Step Hyp Ref Expression
1 1arympt1.f 
 |-  F = ( x e. ( X ^m { 0 } ) |-> ( A ` ( x ` 0 ) ) )
2 1 a1i 
 |-  ( ( X e. V /\ B e. X ) -> F = ( x e. ( X ^m { 0 } ) |-> ( A ` ( x ` 0 ) ) ) )
3 fveq1 
 |-  ( x = { <. 0 , B >. } -> ( x ` 0 ) = ( { <. 0 , B >. } ` 0 ) )
4 3 adantl 
 |-  ( ( ( X e. V /\ B e. X ) /\ x = { <. 0 , B >. } ) -> ( x ` 0 ) = ( { <. 0 , B >. } ` 0 ) )
5 c0ex 
 |-  0 e. _V
6 5 a1i 
 |-  ( X e. V -> 0 e. _V )
7 6 anim1i 
 |-  ( ( X e. V /\ B e. X ) -> ( 0 e. _V /\ B e. X ) )
8 7 adantr 
 |-  ( ( ( X e. V /\ B e. X ) /\ x = { <. 0 , B >. } ) -> ( 0 e. _V /\ B e.
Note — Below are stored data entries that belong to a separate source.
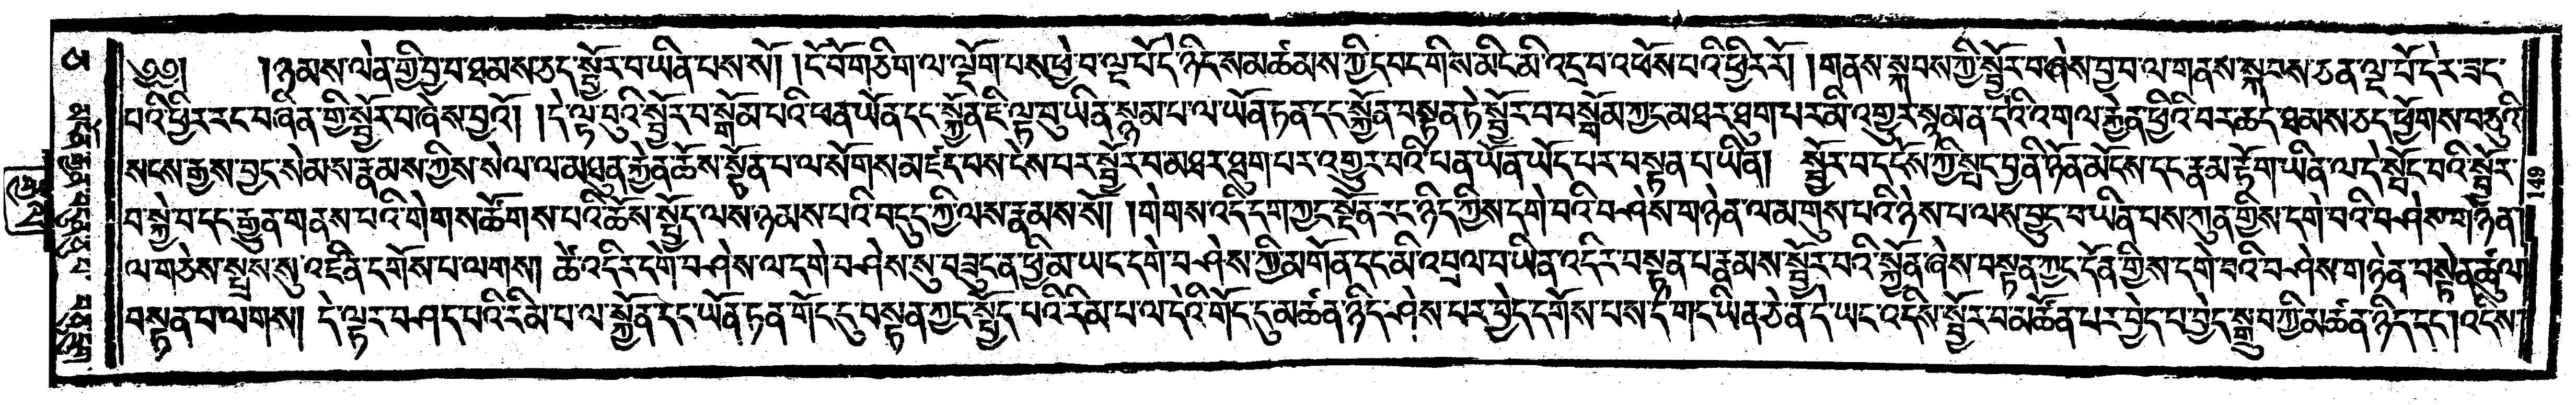༄༅། །ཉམས་ལེན་གྱི་བྱ་བ་ཐམས་ཅད་སྦྱོར་བ་ཡིན་པས་སོ། །ངོ་བོ་གཅིག་ལ་ལྡོག་པས་ཕྱེ་བ་ལྔ་པོ་དེ་ཉིད་ས་མཚམས་ཀྱི་དབང་གིས་མིང་མི་འདྲ་བ་འཕོས་པའི་ཕྱིར་རོ། །གནས་སྐབས་ཀྱི་སྦྱོར་བ་ཞེས་བྱ་བ་ལ་གནས་སྐབས་ཅན་ལྔ་པོ་དེར་ཟད་
པའི་ཕྱིར་རང་བཞིན་གྱི་སྦྱོར་བ་ཞེས་བྱའོ། །དེ་ལྟ་བུའི་སྦྱོར་བ་སྒོམ་པའི་ཕན་ཡོན་དང་སྐྱོན་ཇི་ལྟ་བུ་ཡིན་སྙམ་པ་ལ་ཡོན་ཏན་དང་སྐྱོན་བསྟན་ཏེ་སྦྱོར་བ་བསྒོམ་ཀྱང་མཐར་ཐུག་པར་མི་འགྱུར་སྙམ་ན་དེའི་འགལ་རྐྱེན་ཕྱིའི་བར་ཆད་ཐམས་ཅད་ཕྱོགས་བཅུའི་
སངས་རྒྱས་བྱང་སེམས་རྣམས་ཀྱིས་སེལ་ལ་མཐུན་རྐྱེན་ཆོས་སྟོན་པ་ལ་སོགས་མཛད་པས་ངེས་པར་སྦྱོར་བ་མཐར་ཐུག་པར་འགྱུར་བའི་པན་ཡོན་ཡོད་པར་བསྟན་པ་ཡིན། སྦྱོར་བ་དངོས་ཀྱི་སྤང་བྱ་ནི་ཉོན་མོངས་དང་རྣམ་རྟོག་ཡིན་ལ་དེ་སྤོང་བའི་སྦྱོར་
བ་སྐྱེ་བ་དང་རྒྱུན་གནས་པའི་གེགས་ཚོགས་པའི་ཆོས་སྤྱོད་ལས་ཉམས་པའི་བདུད་ཀྱི་ལས་རྣམས་སོ། །གེགས་འདི་དག་ཀྱང་སྔོན་རང་ཉིད་ཀྱིས་དགེ་བའི་བཤེས་གཉེན་ལ་མ་གུས་པའི་ཉེས་པ་ལས་བྱུང་བ་ཡིན་པས་ཀུན་གྱིས་དགེ་བའི་བཤེས་གཉེན་
ལ་གཅེས་སྤྲས་སུ་འཛིན་དགོས་པ་ལགས། ཚེ་འདིར་དགེ་བཤེས་ལ་དགེ་བཤེས་སུ་བཟུང་ན་ཕྱི་མ་ཡང་དགེ་བཤེས་ཀྱི་མགོན་དང་མི་འབྲལ་བ་ཡིན་འདིར་བསྟན་པ་རྣམས་སྦྱོར་བའི་སྐྱོན་ཞེས་བསྟན་ཀྱང་དོན་གྱིས་དགེ་བའི་བཤེས་གཉེན་བསྟེན་ཚུལ་
བསྟན་པ་ལགས། དེ་ལྟར་བཤད་པའི་རིམ་པ་ལ་སྐྱོན་དང་ཡོན་ཏན་གོང་དུ་བསྟན་ཀྱང་སྤྱོད་པའི་རིམ་པ་ལ་དེའི་གོང་དུ་མཚན་ཉིད་ཤེས་པར་བྱེད་དགོས་པས་དེ་གང་ཡིན་ཅེ་ན་དེ་ཡང་འདིས་སྦྱོར་བ་མཚོན་པར་བྱེད་པ་བྱེད་སྒྲུབ་ཀྱི་མཚན་ཉིད་དང་། འདིས་

X ) )
9 fvsng 
 |-  ( ( 0 e. _V /\ B e. X ) -> ( { <. 0 , B >. } ` 0 ) = B )
10 8 9 syl 
 |-  ( ( ( X e. V /\ B e. X ) /\ x = { <. 0 , B >. } ) -> ( { <. 0 , B >. } ` 0 ) = B )
11 4 10 eqtrd 
 |-  ( ( ( X e. V /\ B e. X ) /\ x = { <. 0 , B >. } ) -> ( x ` 0 ) = B )
12 11 fveq2d 
 |-  ( ( ( X e. V /\ B e. X ) /\ x = { <. 0 , B >. } ) -> ( A ` ( x ` 0 ) ) = ( A ` B ) )
13 5 a1i 
 |-  ( ( X e. V /\ B e. X ) -> 0 e. _V )
14 simpr 
 |-  ( ( X e. V /\ B e. X ) -> B e. X )
15 13 14 fsnd 
 |-  ( ( X e. V /\ B e. X ) -> { <. 0 , B >. } : { 0 } --> X )
16 snex 
 |-  { 0 } e. _V
17 16 a1i 
 |-  ( B e. X -> { 0 } e. _V )
18 elmapg 
 |-  ( ( X e. V /\ { 0 } e. _V ) -> ( { <. 0 , B >. } e. ( X ^m { 0 } ) <-> { <. 0 , B >. } : { 0 } --> X ) )
19 17 18 sylan2 
 |-  ( ( X e. V /\ B e. X ) -> ( { <. 0 , B >. } e. ( X ^m { 0 } ) <-> { <. 0 , B >. } : { 0 } --> X ) )
20 15 19 mpbird 
 |-  ( ( X e. V /\ B e. X ) -> { <. 0 , B >. } e. ( X ^m { 0 } ) )
21 fvexd 
 |-  ( ( X e. V /\ B e. X ) -> ( A ` B ) e. _V )
22 2 12 20 21 fvmptd 
 |-  ( ( X e. V /\ B e. X ) -> ( F ` { <. 0 , B >. } ) = ( A ` B ) )